The activity for the last seven days does shows only connections from two IPs:

Charting the summary by one-hour connections count provides a better visual indicator of Azure AD sign-ins pattern.

The summary by location and IP address show just 2 distinct locations:

The user activity did not trigger an MCAS alert as the pattern was deemed to be within the accepted baseline. So how does the activity of a user that does trigger MCAS alerts look like? Let’s review the data from a user captured in an MCAS impossible travel alert.

Once integrated in Azure Sentinel, the MCAS alerts will be recorded in the SecurityAlert table under the MCAS provider name. Optionally, incidents can be created when an MCAS alert is recorded.

Let’s find the MCAS Impossible Travel alerts recorded by MCAS in Azure Sentinel for May 5, 2021.

SecurityAlert

| where ProviderName == “MCAS”

| where AlertName == “Impossible travel activity”

| project TimeGenerated, DisplayName, Description 

| sort by TimeGenerated desc

The KQL script returns 5 results:

So what is special about these five users and how is their behavior different from the “regular” impossible traveller? 

Let’s verify the activity for the Kapoor, Raj user in Azure AD Sign-in logs. Filtering the SigningLog table in Azure Sentinel for Raj Kapoor shows 11 different IP addresses used in the last seven days:

A summary of the locations shows quite a few IP addresses, with the IPs captured in the MCAS alert as outliers:

In the “impossible travel” KQL we are picking up one IP per country and calculate the virtual “speed” for the user:

The user tagged in MCAS under the impossible travel alert was captured in the KQL running against the raw Azure AD SigninLogs table but so were an additional 209 users. Five versus 210 represents a ratio of 1:42 and that’s a great reduction of potential false positives performed by MCAS for just one-day’s worth of data.

The KQL provided above and used to process the raw logs can be improved to match some of the logic described in the MCAS policy:

  • Comparison with the activity from previous seven days (build a list of IPs and locations and use a Kusto “anti” join to exclude them).
  • Enrichment of IP addresses using a threat intel feed or an IP “reputation” provider.
  • Enforcement of scope to apply the detection to include or exclude specific users, applications or IP addresses.

Conclusions
In principle, the MCAS detection policy can be recreated up to a point in Azure Sentinel but is it worth it? This is just one of the 91 current policies enforced by MCAS and Microsoft has an army of engineers working on maintaining these detections.

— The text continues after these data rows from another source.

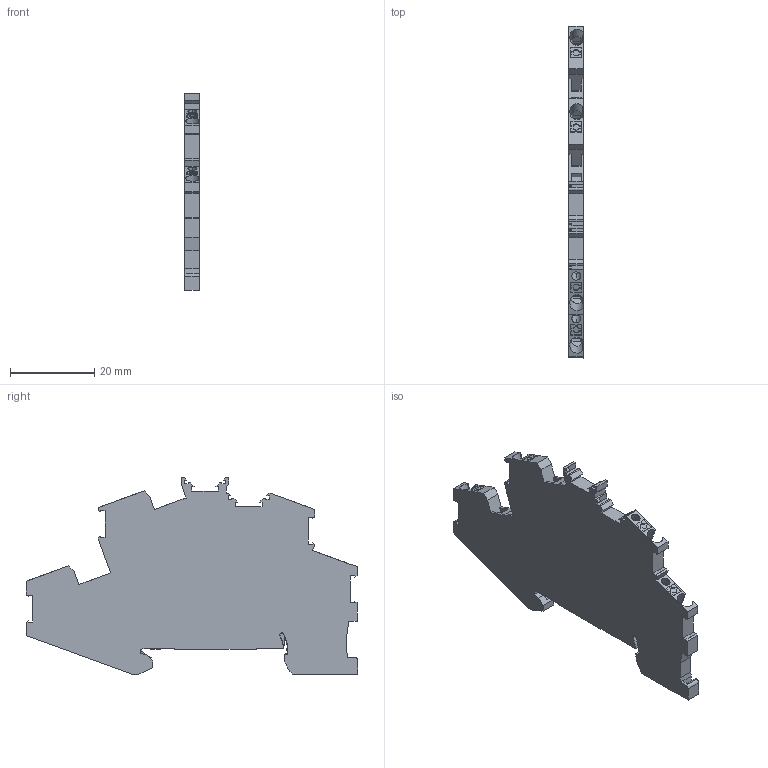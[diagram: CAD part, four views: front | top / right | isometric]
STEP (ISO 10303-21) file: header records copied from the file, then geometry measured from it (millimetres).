
FILE_DESCRIPTION(('Creo Elements/Direct Modeling STEP Export'),'2;1');
FILE_NAME('model.stp','2019-12-13T 7:09:12',(''),(''),'Creo Elements/Direct Modeling STEP processor for AP214 (Solid Model)','Creo Elements/Direct Modeling 20.1A 29-Sep-2018 (C) Parametric Technology GmbH','');
FILE_SCHEMA(('AUTOMOTIVE_DESIGN { 1 0 10303 214 1 1 1 1 }'));
Length unit declared in the file: millimetre
Products named in the file (2): PTTBS_1.5_S_PE-select
Assembly tree (1 placements, depth 2):
  PTTBS_1.5_S_PE-select
    PTTBS_1.5_S_PE-select
Bounding box: 3.5 x 78.8 x 46.72 mm (x, y, z)
Volume: 7869.6 mm3; surface area: 6751.8 mm2
Topology: 1 solids, 1 shells, 356 faces, 1043 edges, 695 vertices
Faces by surface type: plane 300, cylinder 52, cone 4
Entity records: 15818 total; most frequent: CARTESIAN_POINT 3589, ORIENTED_EDGE 2086, DIRECTION 1754, EDGE_CURVE 1043, VECTOR 848, LINE 848, VERTEX_POINT 695, AXIS2_PLACEMENT_3D 453

This brings us to our recommendations around building detections based on raw logs when a fully specialized security control already exists for it: when possible, use dedicated detection tools to focus on their specific area and use Azure Sentinel as the aggregator of signals and SOAR platform. This provides both a single-pane of glass and a single location to build enhanced playbooks to act on the detected events.

When it comes to automation for impossible travel events, the potential actions depend on the organization’s IT security policies, its risk appetite, the nature of their applications, and the distribution of their staff around the globe, its VPN usage, MFA implementation, access control, and BYOD policies. 

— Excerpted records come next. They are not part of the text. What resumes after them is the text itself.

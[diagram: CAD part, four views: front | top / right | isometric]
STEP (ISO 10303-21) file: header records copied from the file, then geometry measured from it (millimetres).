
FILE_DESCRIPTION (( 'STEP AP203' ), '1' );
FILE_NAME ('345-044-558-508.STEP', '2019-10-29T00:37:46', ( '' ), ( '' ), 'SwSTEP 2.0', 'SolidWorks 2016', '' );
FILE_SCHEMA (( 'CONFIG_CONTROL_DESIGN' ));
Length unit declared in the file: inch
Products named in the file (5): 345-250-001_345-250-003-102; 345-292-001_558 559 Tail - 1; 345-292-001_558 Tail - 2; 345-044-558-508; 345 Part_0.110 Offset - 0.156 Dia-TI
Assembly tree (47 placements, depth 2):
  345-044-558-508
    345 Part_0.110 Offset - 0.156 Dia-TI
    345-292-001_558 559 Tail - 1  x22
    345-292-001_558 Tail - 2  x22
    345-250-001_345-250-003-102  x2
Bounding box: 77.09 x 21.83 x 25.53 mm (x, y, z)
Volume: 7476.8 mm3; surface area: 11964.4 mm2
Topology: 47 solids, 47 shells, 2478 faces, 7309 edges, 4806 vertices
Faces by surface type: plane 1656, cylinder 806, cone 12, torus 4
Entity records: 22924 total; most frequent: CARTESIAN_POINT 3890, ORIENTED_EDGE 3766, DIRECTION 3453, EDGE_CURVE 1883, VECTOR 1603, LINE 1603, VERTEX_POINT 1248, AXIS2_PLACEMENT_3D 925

Potential actions include:

  • Logon session reset triggered by a number of infringements
  • Account disabling or password reset
  • Manager notifications
  • User notifications
  • Correlation with other incidents from the same user or IP address, anomalies in other activities such as file transfers, hosts accessed, etc.

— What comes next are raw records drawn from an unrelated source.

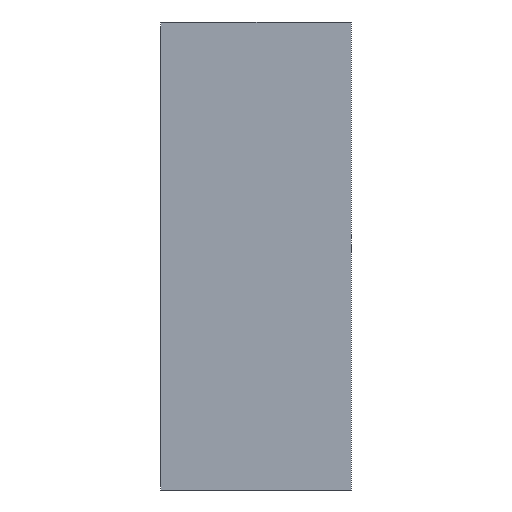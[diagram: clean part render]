
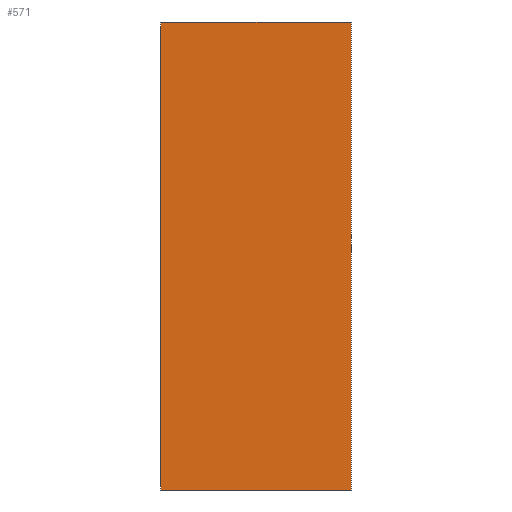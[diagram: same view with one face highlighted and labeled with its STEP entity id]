
A CAD part, left-side view. The second image highlights one B-rep face of the part: STEP entity #571.
In plain terms, the highlighted planar face has unit normal (-1, 0, 0).
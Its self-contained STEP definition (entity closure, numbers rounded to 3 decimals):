
#31=FACE_OUTER_BOUND('',#63,.T.);
#63=EDGE_LOOP('',(#405,#406,#407,#408));
#100=LINE('',#809,#172);
#106=LINE('',#820,#178);
#115=LINE('',#837,#187);
#116=LINE('',#839,#188);
#172=VECTOR('',#665,1.6);
#178=VECTOR('',#675,0.65);
#187=VECTOR('',#690,1.6);
#188=VECTOR('',#693,0.65);
#239=VERTEX_POINT('',#807);
#240=VERTEX_POINT('',#808);
#243=VERTEX_POINT('',#819);
#248=VERTEX_POINT('',#835);
#292=EDGE_CURVE('',#239,#240,#100,.T.);
#298=EDGE_CURVE('',#243,#239,#106,.T.);
#307=EDGE_CURVE('',#243,#248,#115,.T.);
#308=EDGE_CURVE('',#240,#248,#116,.T.);
#405=ORIENTED_EDGE('',*,*,#307,.T.);
#406=ORIENTED_EDGE('',*,*,#308,.F.);
#407=ORIENTED_EDGE('',*,*,#292,.F.);
#408=ORIENTED_EDGE('',*,*,#298,.F.);
#503=PLANE('',#608);
#571=ADVANCED_FACE('',(#31),#503,.T.);
#608=AXIS2_PLACEMENT_3D('',#838,#691,#692);
#665=DIRECTION('',(0.,0.,1.));
#675=DIRECTION('',(0.,1.,0.));
#690=DIRECTION('',(0.,0.,1.));
#691=DIRECTION('center_axis',(-1.,0.,0.));
#692=DIRECTION('ref_axis',(0.,-1.,0.));
#693=DIRECTION('',(0.,-1.,0.));
#807=CARTESIAN_POINT('',(-0.014,0.636,-0.014));
#808=CARTESIAN_POINT('',(-0.014,0.636,1.586));
#809=CARTESIAN_POINT('',(-0.014,0.636,1.572));
#819=CARTESIAN_POINT('',(-0.014,-0.014,-0.014));
#820=CARTESIAN_POINT('',(-0.014,0.,-0.014));
#835=CARTESIAN_POINT('',(-0.014,-0.014,1.586));
#837=CARTESIAN_POINT('',(-0.014,-0.014,1.572));
#838=CARTESIAN_POINT('Origin',(-0.014,0.,1.572));
#839=CARTESIAN_POINT('',(-0.014,0.636,1.586));
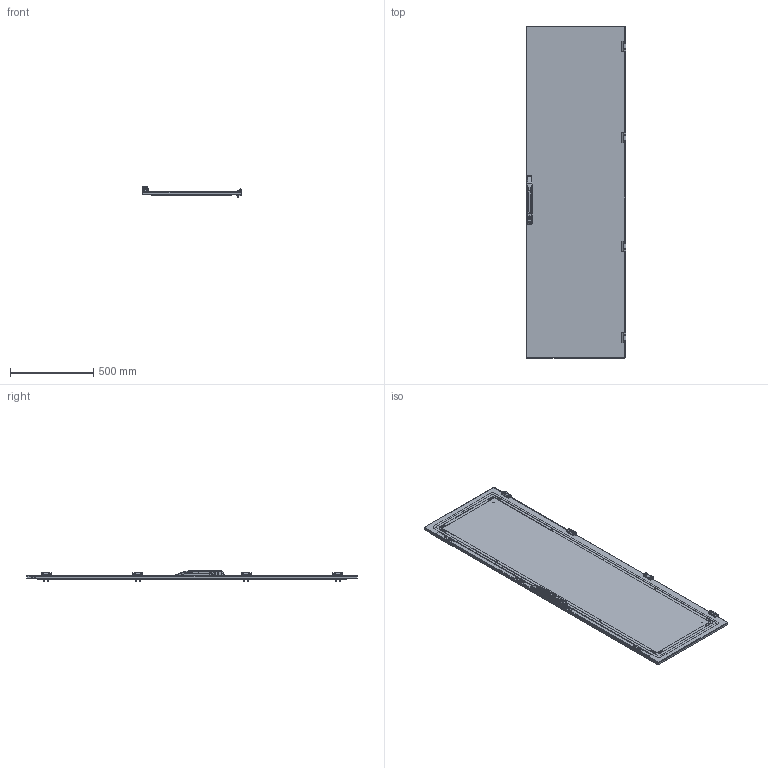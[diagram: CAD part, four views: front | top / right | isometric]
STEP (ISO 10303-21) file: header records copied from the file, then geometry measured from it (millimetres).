
FILE_DESCRIPTION (( 'STEP AP214' ), '1' );
FILE_NAME ('604.620.STEP', '2024-09-17T07:23:49', ( '' ), ( '' ), 'SwSTEP 2.0', 'SolidWorks 2021', '' );
FILE_SCHEMA (( 'AUTOMOTIVE_DESIGN' ));
Length unit declared in the file: millimetre
Products named in the file (37): Ãàéêà Ì6 äëÿ øïèëüêè; 项蜞轫铋 忤眚 DIN 7991 󊬱6; MS867_________ASM.step; 867-2.step; Äâåðíîå ïîëîòíî ÌÊ-20 W600H2000; Øïèëüêà ïðèâàðíàÿ Ì6õ10; 950.104 Ðó÷êà.step; 867-6.step; 867-3.step; 867-1_3.step; MS867-001.step; Äâåðíîé ïðîôèëü ÌÊ 20 Í2000; Äâåðíîé ïðîôèëü ÌÊ 20 W600; 837-1_2.step; 867-5.step; ﾒ聰 ﾌﾊ-20 H2000; PT-M5X10.step; Âèíò Ì5õ10 ìåáåëüíûé; 嵑謺麃 1; Óãîëîê äâåðíîé; Çàãëóøêà òÿãè; Øïèëüêà ïðèâàðíàÿ Ì6õ16; _______ASM.step; MS867-002.step; 鎗鵻罻; 867-7.step; CT-M6X8.step; MS867-004.step; 604.620; Ãàñêåòèíã äâåðè W600H2000; 嵑謺麃 CL213-3; 嵑謺麃 2; MS867-003.step; CL213-3; 867-4.step; 837-1_1.step; Øïèëüêà ïðèâàðíàÿ Ì6õ25
Assembly tree (80 placements, depth 5):
  604.620
    Äâåðíîå ïîëîòíî ÌÊ-20 W600H2000
    Ãàñêåòèíã äâåðè W600H2000
    Äâåðíîé ïðîôèëü ÌÊ 20 Í2000  x2
    Äâåðíîé ïðîôèëü ÌÊ 20 W600  x2
    ﾒ聰 ﾌﾊ-20 H2000
    Øïèëüêà ïðèâàðíàÿ Ì6õ16  x2
    Øïèëüêà ïðèâàðíàÿ Ì6õ25  x14
    Øïèëüêà ïðèâàðíàÿ Ì6õ10  x4
    Çàãëóøêà òÿãè  x4
    Óãîëîê äâåðíîé  x4
    Ãàéêà Ì6 äëÿ øïèëüêè  x14
    950.104 Ðó÷êà.step
      MS867_________ASM.step
        _______ASM.step
          MS867-002.step
          MS867-003.step
          867-7.step
          867-5.step
          867-6.step
        MS867-001.step
        MS867-004.step
      867-2.step
      867-3.step
      867-4.step
      PT-M5X10.step
      CT-M6X8.step
      837-1_1.step
      837-1_2.step
      867-1_3.step  x2
    CL213-3  x4
      嵑謺麃 CL213-3
        鎗鵻罻
        嵑謺麃 1
        嵑謺麃 2
      项蜞轫铋 忤眚 DIN 7991 󊬱6
      Âèíò Ì5õ10 ìåáåëüíûé
Bounding box: 597.9 x 1990 x 67.56 mm (x, y, z)
Volume: 3663011.2 mm3; surface area: 3594794.2 mm2
Topology: 93 solids, 93 shells, 4806 faces, 12875 edges, 8266 vertices
Faces by surface type: cylinder 2202, plane 1873, cone 362, bspline 285, torus 70, sphere 14
Entity records: 89117 total; most frequent: CARTESIAN_POINT 33687, ORIENTED_EDGE 11730, DIRECTION 10465, EDGE_CURVE 5865, AXIS2_PLACEMENT_3D 3880, VERTEX_POINT 3788, LINE 2705, VECTOR 2705
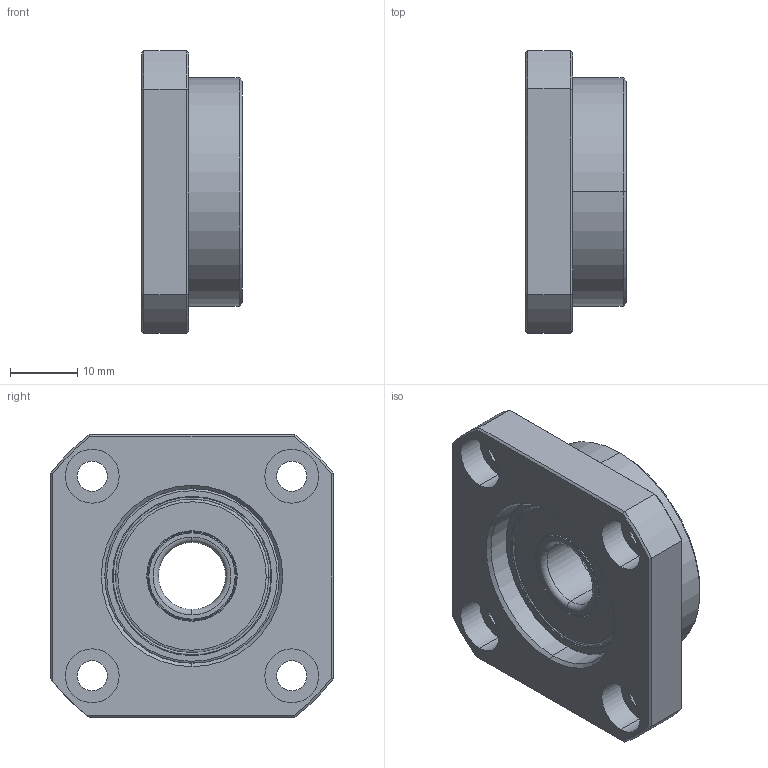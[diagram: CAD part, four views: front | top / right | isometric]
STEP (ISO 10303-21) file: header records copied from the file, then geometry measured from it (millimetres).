
FILE_DESCRIPTION (( 'STEP AP203' ), '1' );
FILE_NAME ('FF12²Õ¦X¥ó.STEP', '2010-10-04T07:45:15', ( '' ), ( '' ), 'SwSTEP 2.0', 'SolidWorks 2008', '' );
FILE_SCHEMA (( 'CONFIG_CONTROL_DESIGN' ));
Length unit declared in the file: millimetre
Products named in the file (1): FF12組合件
Bounding box: 15 x 42 x 42 mm (x, y, z)
Volume: 12729.2 mm3; surface area: 9884.7 mm2
Topology: 13 solids, 13 shells, 182 faces, 403 edges, 240 vertices
Faces by surface type: torus 66, cylinder 52, plane 31, cone 17, sphere 16
Entity records: 4871 total; most frequent: DIRECTION 978, CARTESIAN_POINT 810, ORIENTED_EDGE 726, AXIS2_PLACEMENT_3D 448, EDGE_CURVE 363, CIRCLE 265, VERTEX_POINT 216, EDGE_LOOP 209

While traditionally time consuming and difficult to investigate, the impossible travel alerts should at the very least be collected as additional context for use in other types of detections. Azure Sentinel automation rules and playbooks provide the capability to build a wide range of automation, with the main challenge being defining the actual SOAR requirement, rather than implementing it. 

At BlueVoyant, part of our Azure Sentinel implementations we have deployed a range of complex SOAR playbooks to perform all the activities mentioned above. When applicable we always advise our customers on improving the overall visibility into the threat landscape by choosing the optimal combination of tools based on their strengths. 

Adrian Grigorof is the CTO of Managed Sentinel.